2. So Noah took some of the domestic animals and sacrificed them to the Lord. The domestic animals—the Bible sometimes calls them clean animals—were the ones that were good for food (like cattle and chickens) and there were seven pairs of those animals in the ark precisely for that reason. Noah and his family could get along without lizards and lions, but they needed the clean animals to live. Noah took some of what he needed the most and offered them to the Lord. And he was doing more than saying thank you. He was expressing his confidence that the Lord would be as good to him in the future as he had been in the past. He was putting himself and his world into the hands of the Lord.

 

It didn’t take the Lord long to prove Noah’s confidence right. The Lord smelled the pleasing aroma and said in his heart: “Never again will I curse the ground because of humans, even though every inclination of the human heart is evil from childhood.

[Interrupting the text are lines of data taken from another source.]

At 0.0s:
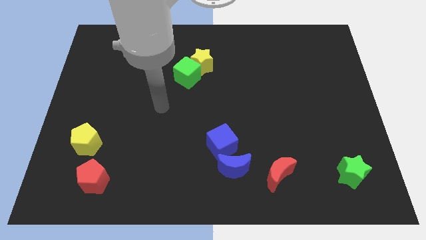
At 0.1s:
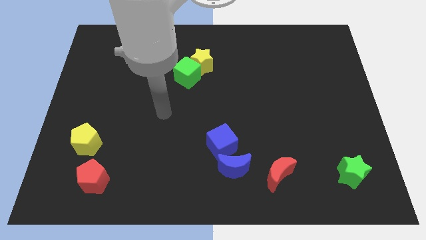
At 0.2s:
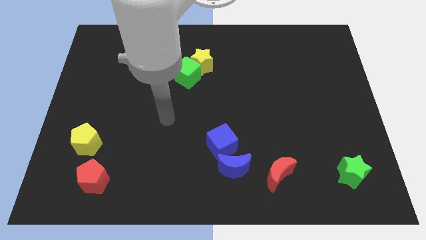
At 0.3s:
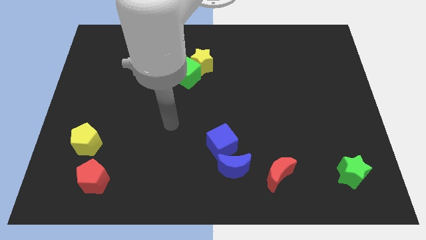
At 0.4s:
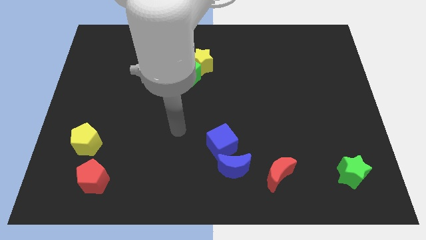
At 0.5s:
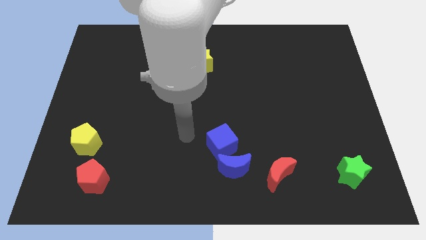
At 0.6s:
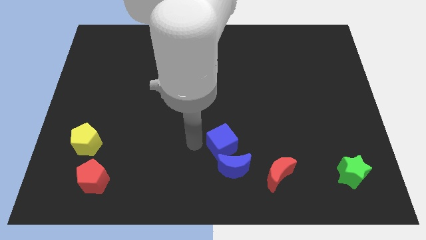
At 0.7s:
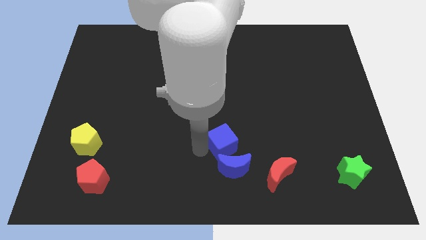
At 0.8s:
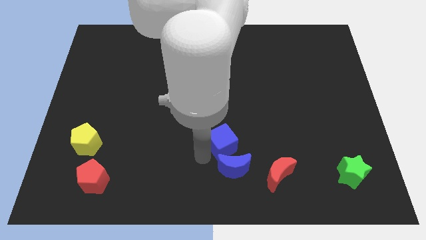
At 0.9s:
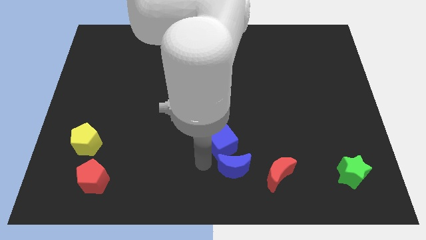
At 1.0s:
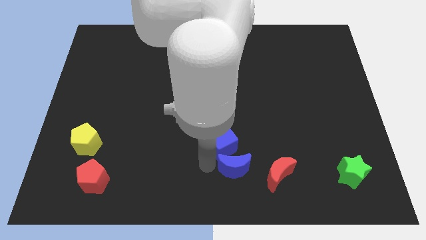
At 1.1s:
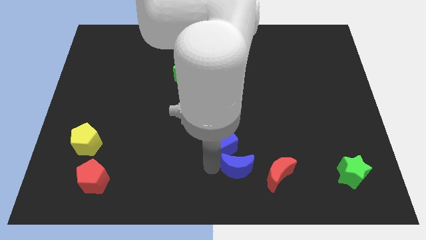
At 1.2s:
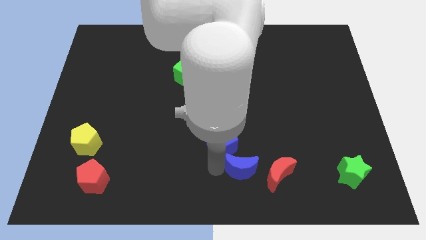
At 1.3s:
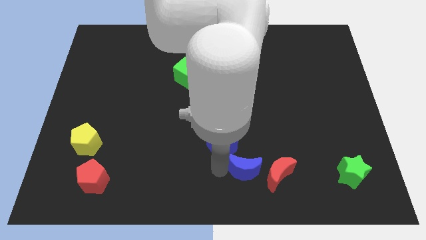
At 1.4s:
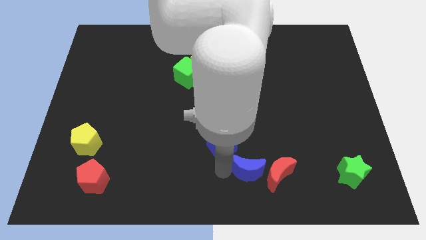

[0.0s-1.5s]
slide the blue moon next to the red moon

And never again will I destroy all living creatures, as I have done. “As long as the earth endures, seedtime and harvest, cold and heat,summer and winter, day and night will never cease.” The awesome God was also the merciful Lord. He saw the sin, but he would rule the world with love instead of justice. And with that promise the Lord created the phenomenon of the rainbow. Still today the rainbow is the sign of the Lord’s enduring and eternal protection of life on our planet.

 

When we say “thank you” to God we’re looking into the past and seeing how good God has been. When we say “thank you” to God we’re also looking into the future with faith that believes God will be just as good then as he is now. The lonely leper got that right. He knew that sin was a disease worse than leprosy and he believed there was more to Jesus than leper cleansing. He wasn’t disappointed. Jesus said, “Rise and go; your faith has made you well.” The leper came back not to Jesus the healer, but to Jesus the Savior. He threw himself at Jesus’ feet to confess his sins. He thanked Jesus to express his faith. And he gained the healing that Jesus came to bring not with a word on a road to some lepers but with his perfect obedience and his innocent death and his resurrection from the grave. The leper’s faith didn’t heal his leprosy; Jesus healed his leprosy. The leper’s faith saved his soul because it connected him to Jesus who gave him life with God forever.

 

You see how this works, don’t you? When we say “thank you”to God we are saying so much more than that we liked the pot roast or the chicken soup. We are saying that the God who is good is also merciful. Of course God provides pot roasts and chicken soup, but he also provides pardon for our sins and peace with God. He gives us confidence when we pray and courage when we’re afraid. He gives us contentment in our life and certainty for our life to come. It’s time, friends, to be done with the sinful syndrome of the nine lepers who didn’t come back and to become more like the one leper who did. There’s no need to get on our knees like the leper or build an altar like Noahor say a table prayer like we used to. But we all need to say, day in and day out, again and again, in our own way and in our own place: Oh, give thanks unto the Lord for he is good and his mercy endures forever. Amen.